[RECORDS PROVIDED]

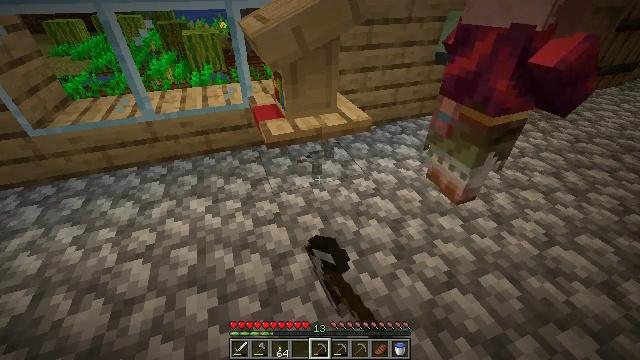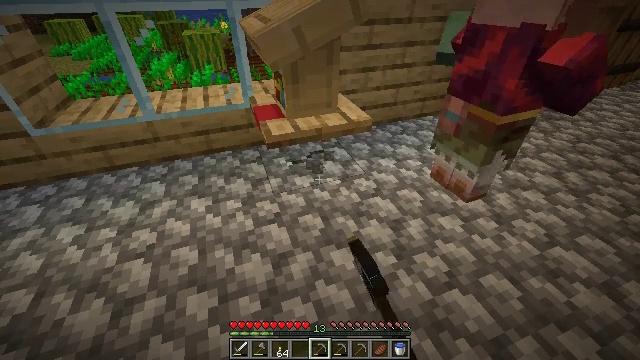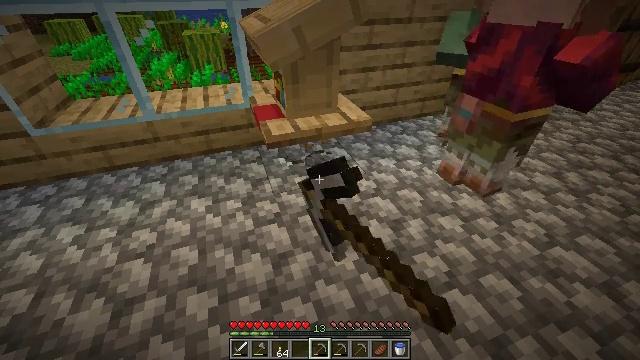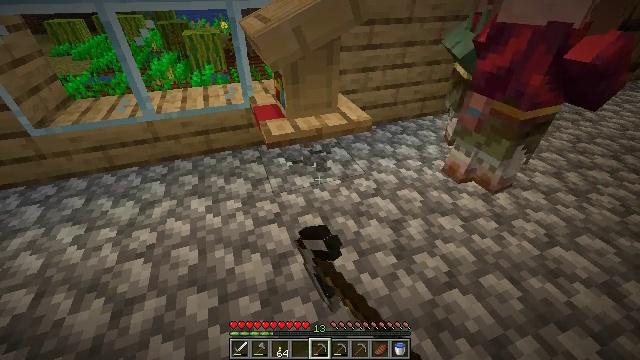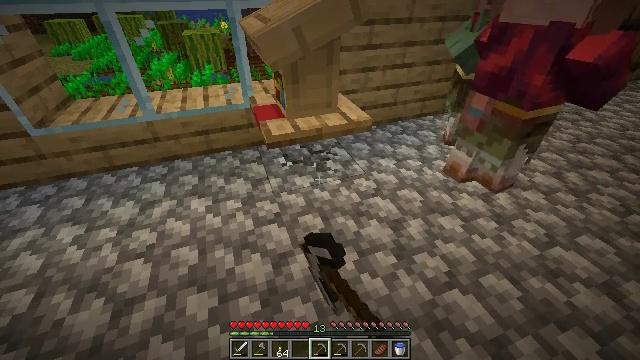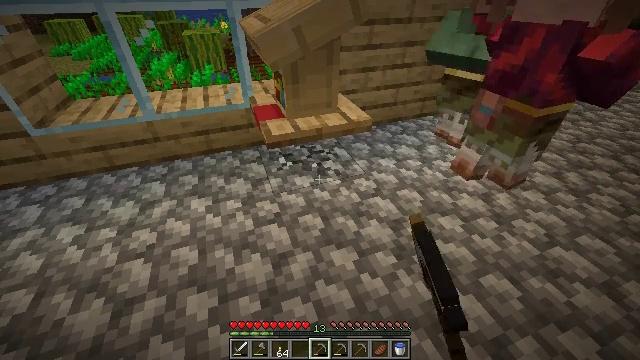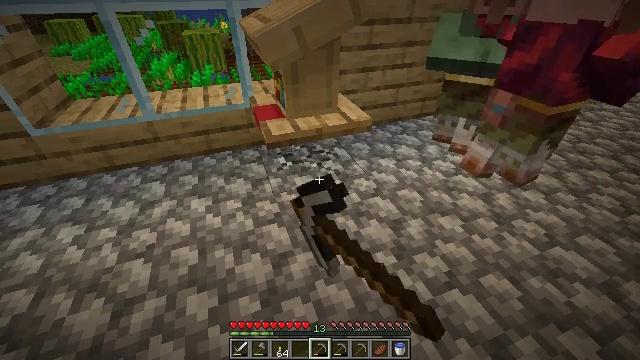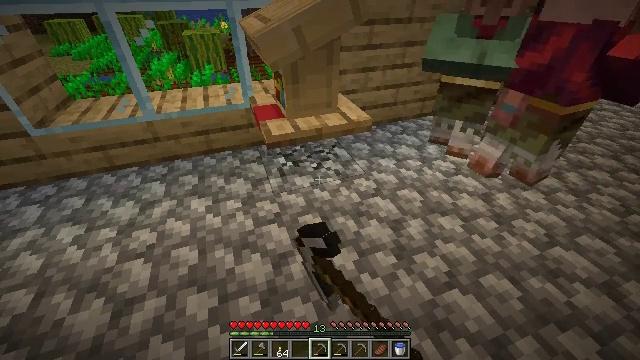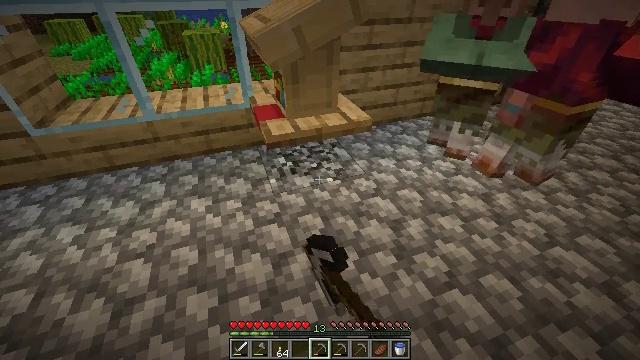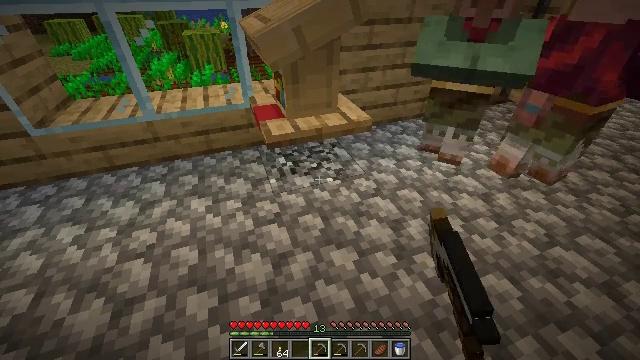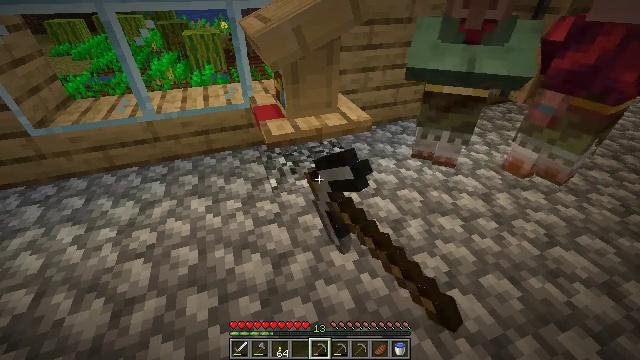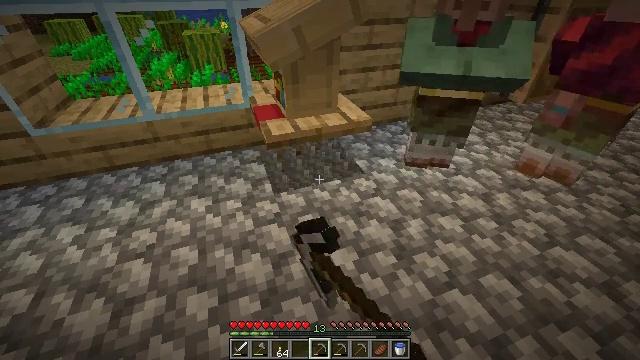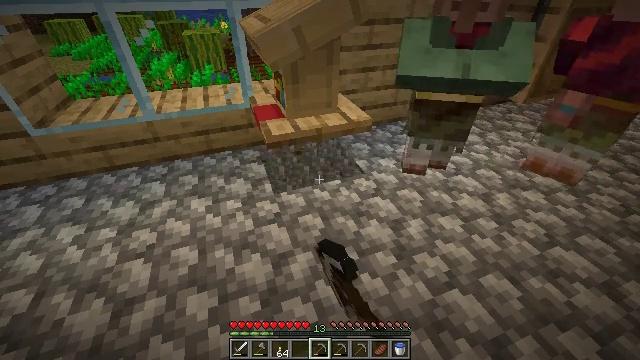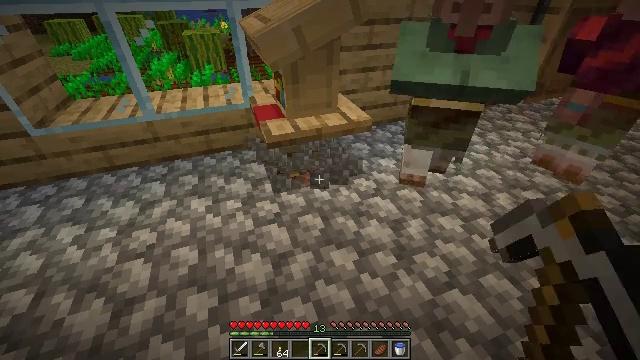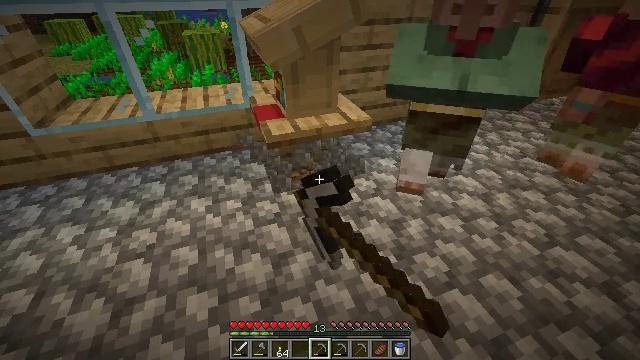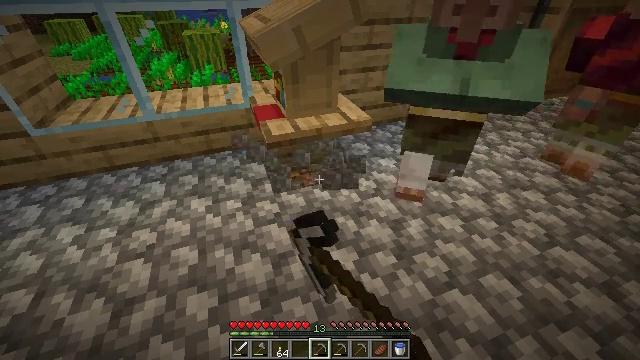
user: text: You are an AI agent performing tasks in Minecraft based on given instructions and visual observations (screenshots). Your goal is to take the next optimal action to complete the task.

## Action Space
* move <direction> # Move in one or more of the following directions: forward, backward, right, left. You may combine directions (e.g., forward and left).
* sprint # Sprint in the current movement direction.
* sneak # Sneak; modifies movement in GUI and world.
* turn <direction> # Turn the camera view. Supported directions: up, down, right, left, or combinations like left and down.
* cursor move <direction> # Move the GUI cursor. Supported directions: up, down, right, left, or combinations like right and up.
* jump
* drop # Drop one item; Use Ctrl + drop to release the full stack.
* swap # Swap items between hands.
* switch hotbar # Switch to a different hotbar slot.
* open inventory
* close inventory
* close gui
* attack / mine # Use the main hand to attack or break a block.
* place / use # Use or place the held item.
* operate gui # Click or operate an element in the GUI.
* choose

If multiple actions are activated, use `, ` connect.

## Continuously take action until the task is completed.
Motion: motion action
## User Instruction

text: Break the cobblestone slab to recycle it.
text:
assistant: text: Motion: attack / mine
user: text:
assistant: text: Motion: attack / mine
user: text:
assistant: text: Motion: attack / mine
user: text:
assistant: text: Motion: attack / mine
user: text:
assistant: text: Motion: attack / mine
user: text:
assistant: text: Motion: attack / mine
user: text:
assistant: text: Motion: attack / mine
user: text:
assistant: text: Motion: attack / mine
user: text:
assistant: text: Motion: attack / mine
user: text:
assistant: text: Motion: attack / mine
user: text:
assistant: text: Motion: attack / mine
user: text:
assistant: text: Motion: attack / mine
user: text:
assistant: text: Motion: attack / mine
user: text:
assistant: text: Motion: attack / mine
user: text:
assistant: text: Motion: attack / mine
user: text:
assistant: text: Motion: attack / mine

[/RECORDS PROVIDED]

» WORK INSTRUCTIONS
Answer with the number alone after working out how many lines in the records contain the string "task".

» RESULT OF THIS EXERCISE
2